Makes sense to promote your own social media networks that you can control, people act like western social media network haven't been weaponized by Russia or the US.

If it is the correct thing to do really depends
If your western or chinese.

It's arguably against WTO rules to do this. If China wants to be free trade wheeler/dealer, they can't pull this sort of stunts. Well, shouldn't.

They have disabled features in China before. For instance, FaceTime Audio is disabled and Apple News is not available. I think they would disable iMessage and turn it into an SMS service before they build some method for a government to access iMessage data, which I understand is not possible the way it is built with end-to-end encryption. Especially since it would mean giving the Chinese government access to foreign iMessage data.

Fine. If iMessage does leave the market, surely it's not for a lack of trying on Apple's part to comply with government mandates.
 

Somnid

Member
Makes sense to promote your own social media networks that you can control, people act like western social media network haven't been weaponized by Russia or the US.

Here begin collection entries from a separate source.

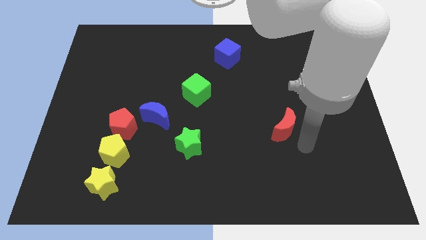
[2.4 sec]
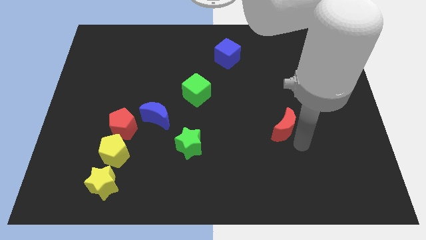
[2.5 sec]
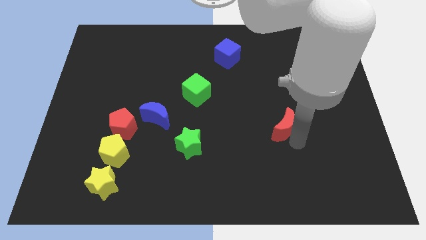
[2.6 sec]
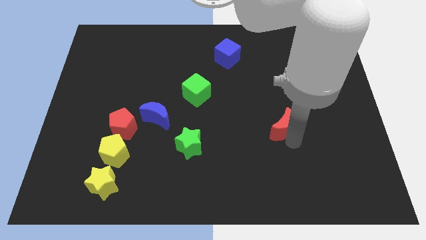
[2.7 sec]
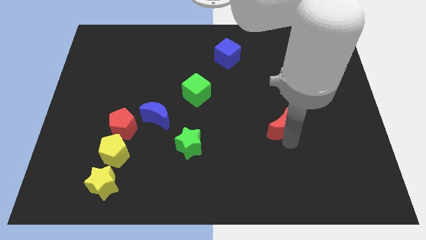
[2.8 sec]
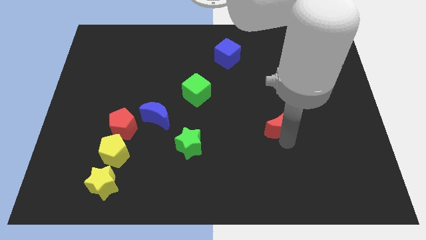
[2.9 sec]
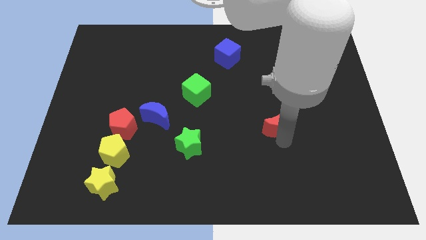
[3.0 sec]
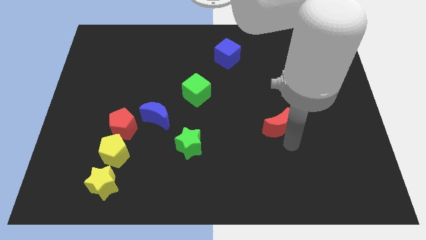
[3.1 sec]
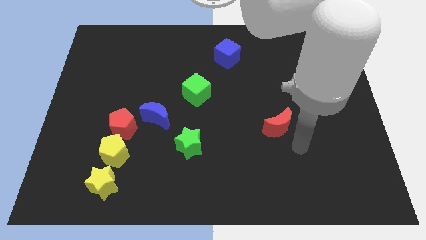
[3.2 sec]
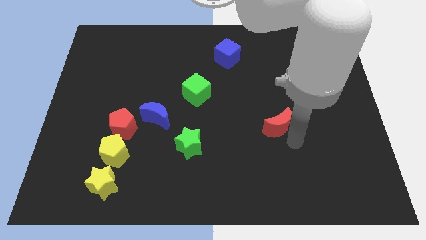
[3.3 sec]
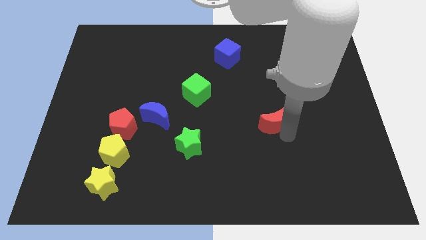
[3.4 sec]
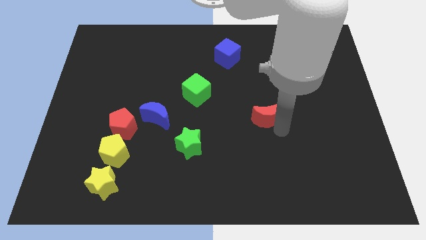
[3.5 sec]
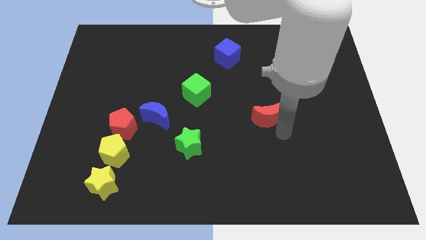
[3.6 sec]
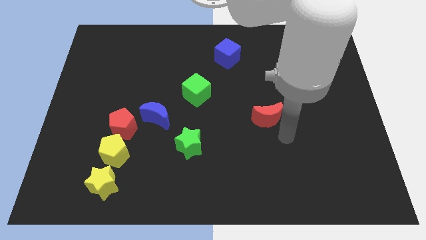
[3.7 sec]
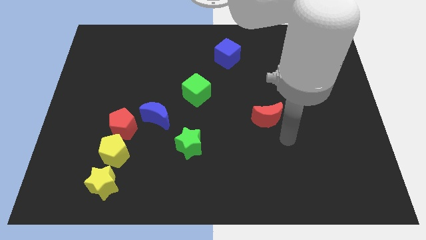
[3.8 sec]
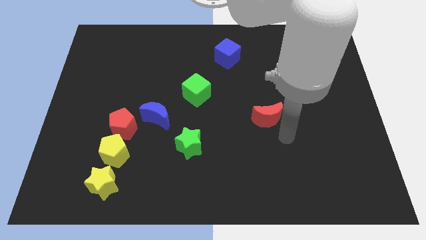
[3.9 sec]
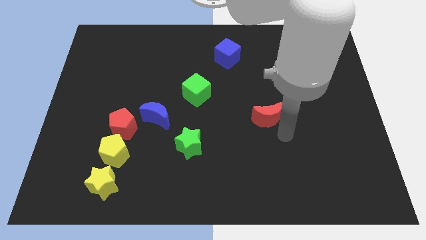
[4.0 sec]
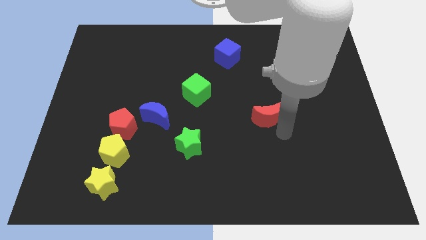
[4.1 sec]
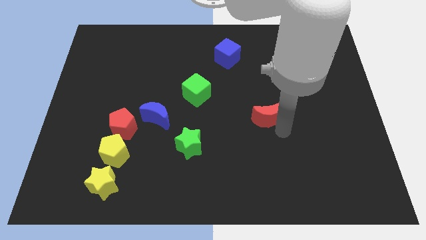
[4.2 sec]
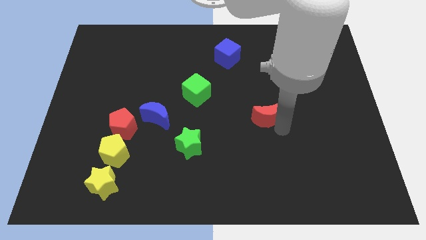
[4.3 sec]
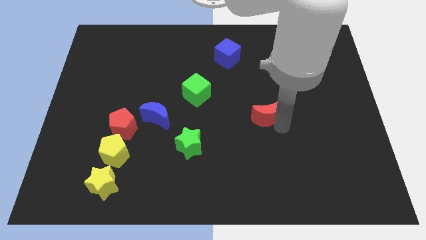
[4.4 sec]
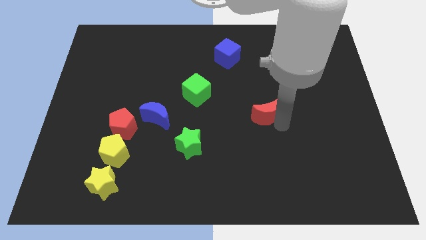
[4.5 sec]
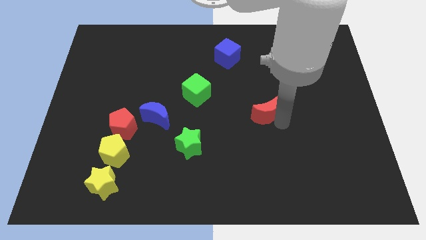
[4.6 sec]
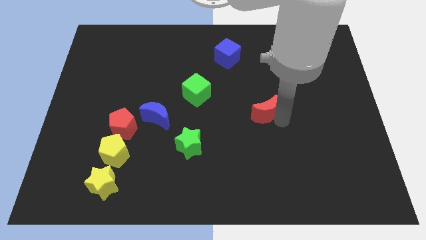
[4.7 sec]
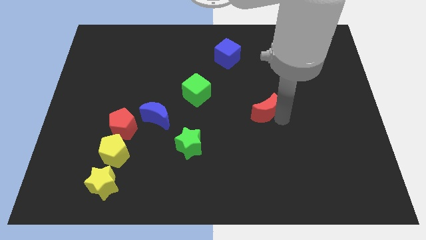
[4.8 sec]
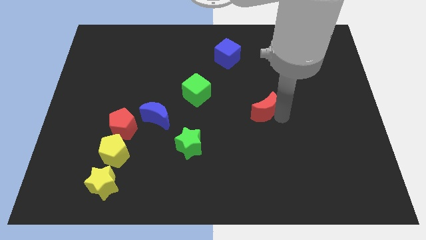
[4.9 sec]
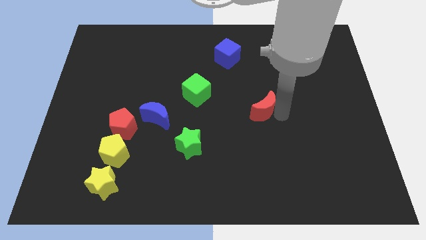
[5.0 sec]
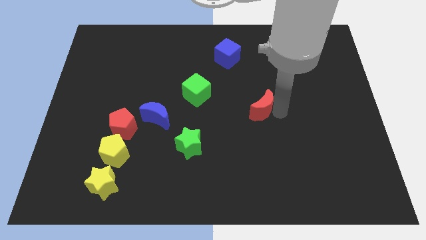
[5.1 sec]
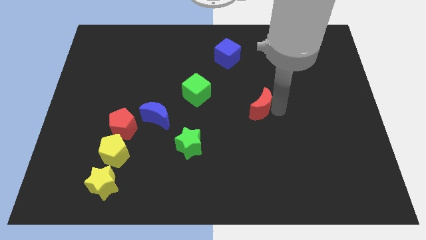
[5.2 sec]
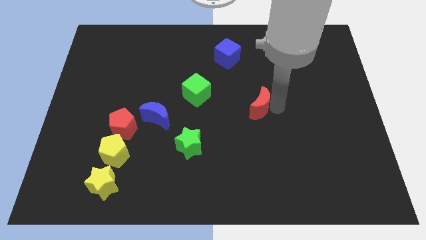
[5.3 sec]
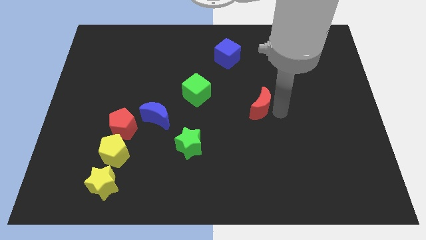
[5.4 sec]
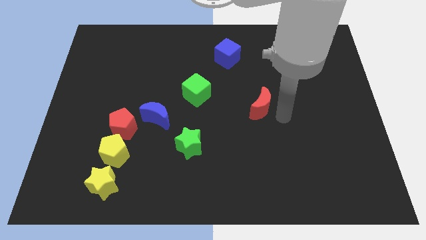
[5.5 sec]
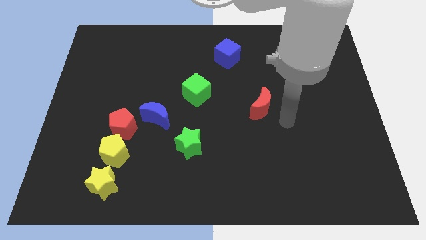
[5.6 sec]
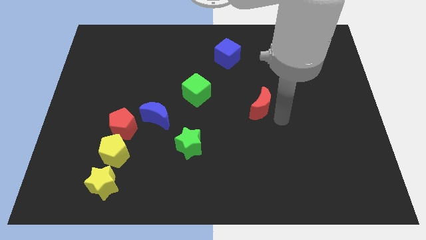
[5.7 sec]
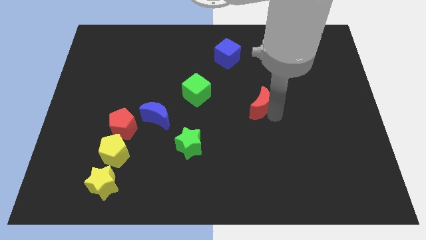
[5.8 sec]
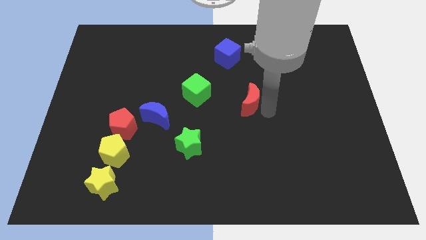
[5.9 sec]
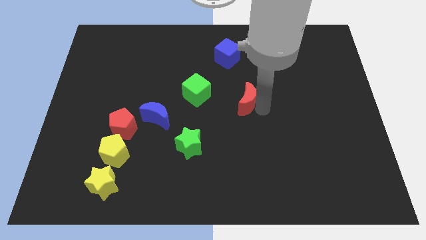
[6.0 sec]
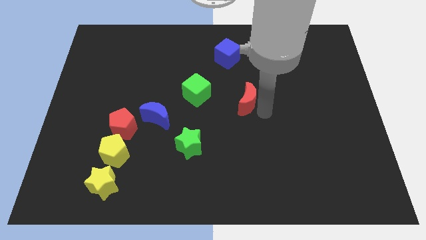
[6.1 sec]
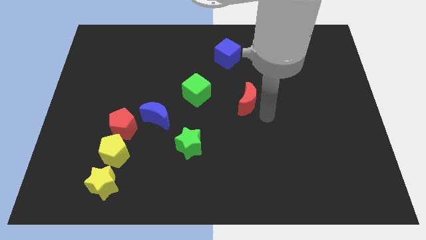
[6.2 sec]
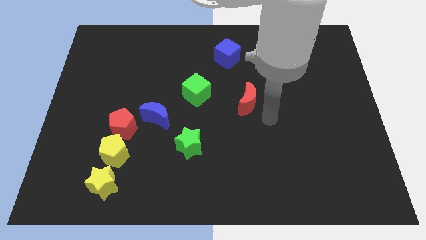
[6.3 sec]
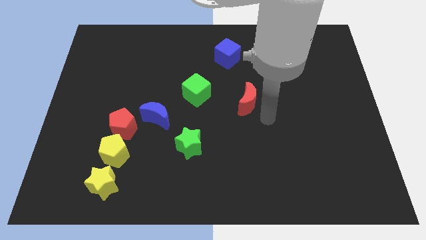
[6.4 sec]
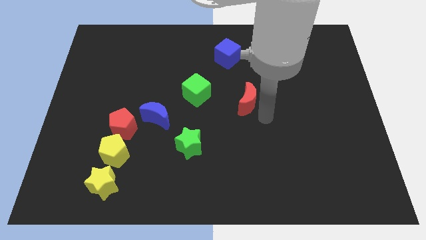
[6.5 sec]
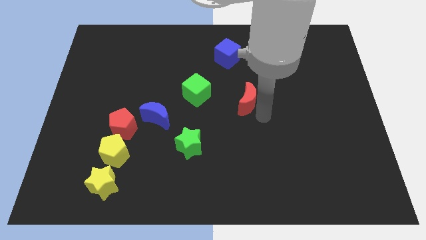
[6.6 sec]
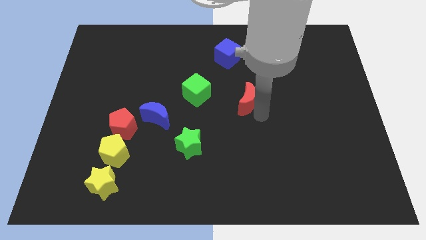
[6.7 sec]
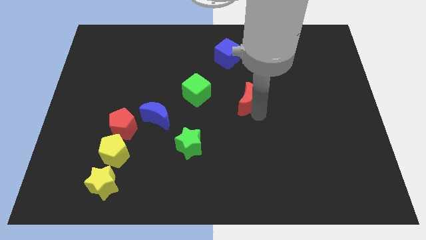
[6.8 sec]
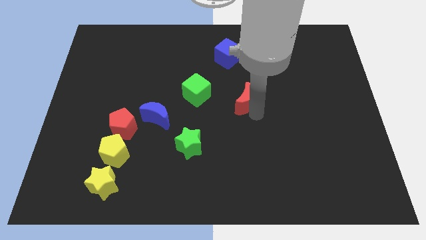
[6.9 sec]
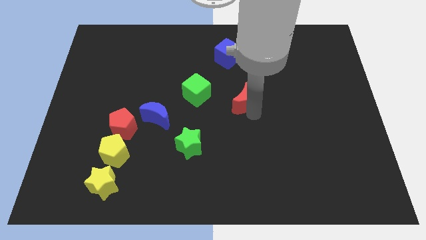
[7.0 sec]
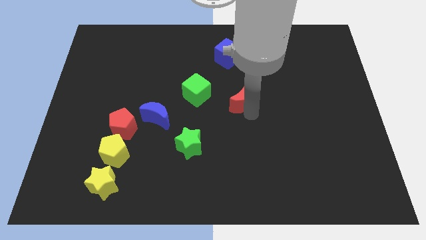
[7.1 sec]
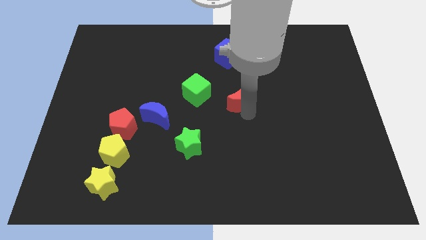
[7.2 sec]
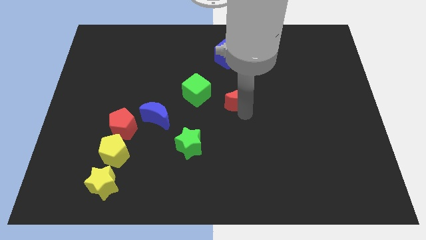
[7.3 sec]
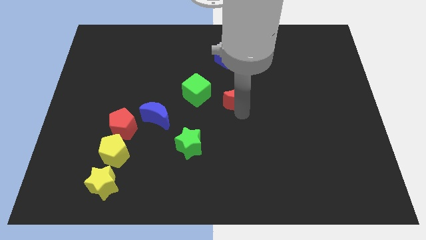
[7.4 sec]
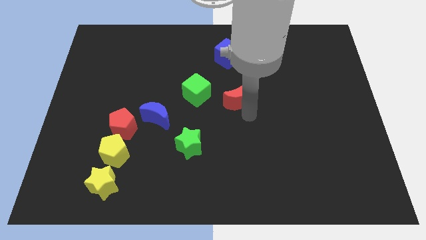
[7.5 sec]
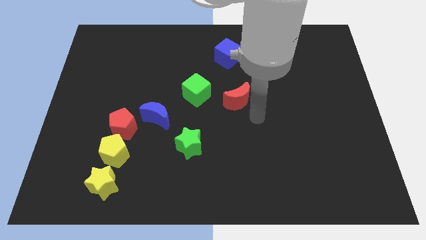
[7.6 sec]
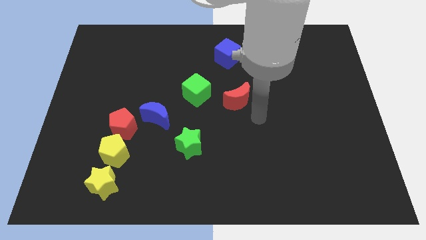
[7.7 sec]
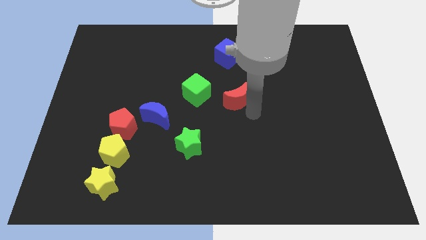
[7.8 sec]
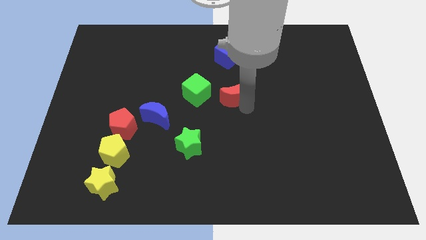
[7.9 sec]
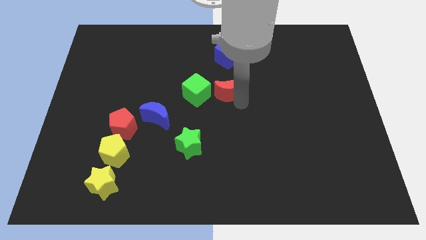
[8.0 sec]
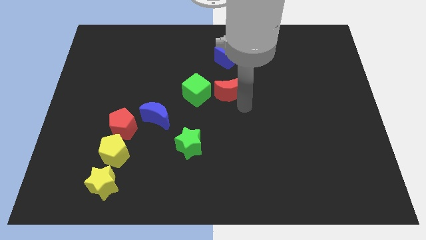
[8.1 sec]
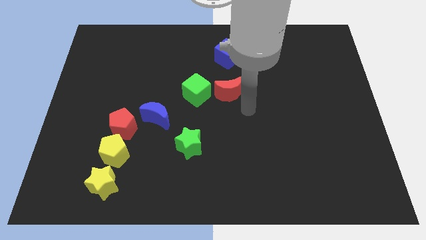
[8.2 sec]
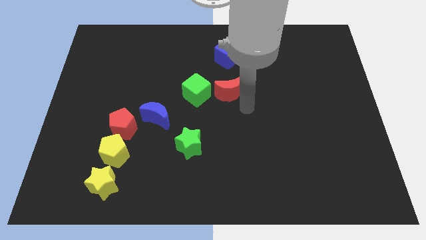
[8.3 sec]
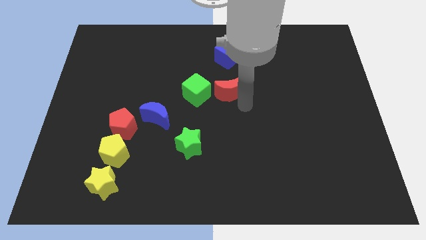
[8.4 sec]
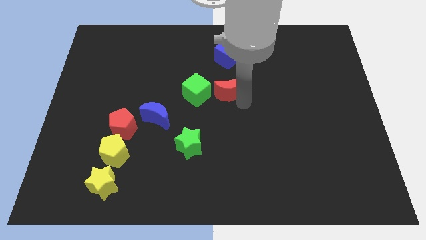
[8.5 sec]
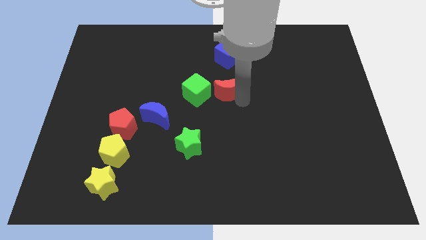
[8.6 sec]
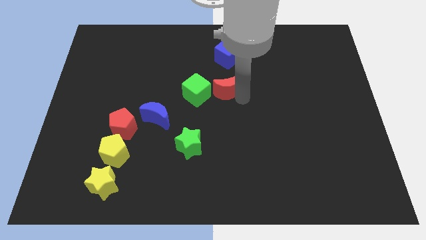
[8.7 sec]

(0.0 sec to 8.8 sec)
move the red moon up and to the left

If it is the correct thing to do really depends
If your western or chinese.

No it doesn’t, especially not when your own government is the one weaponizing using it.
 

Grazzt

Member
I’m surprised it took them so long to ban WhatsApp.
Also it reminds me one of my Chinese classmates told me once that he had more freedom in China.
 

SRG01

Member
I think unrest in China is inevitable

There's always unrest in China; you can literally Google 'unrest in china' for stories.

Actual political and socioeconomic instability, however, isn't -- as long as the (shadow) banking sector remains operational, at least.
 

M3d10n

Member
They don't have iMessage access so how long before that's banned too.
I always assumed Apple either gave them access years ago or it's always green bubbles in China, since Apple deals directly with the Chinese government (which is why their App Store is mostly unscathed).
 

kami_sama

Member
OK, so it seems only QQ and WeChat are the options there.
Not that I have anyone to chat there right now, but it must suck for someone that uses whatsapp and has to go there.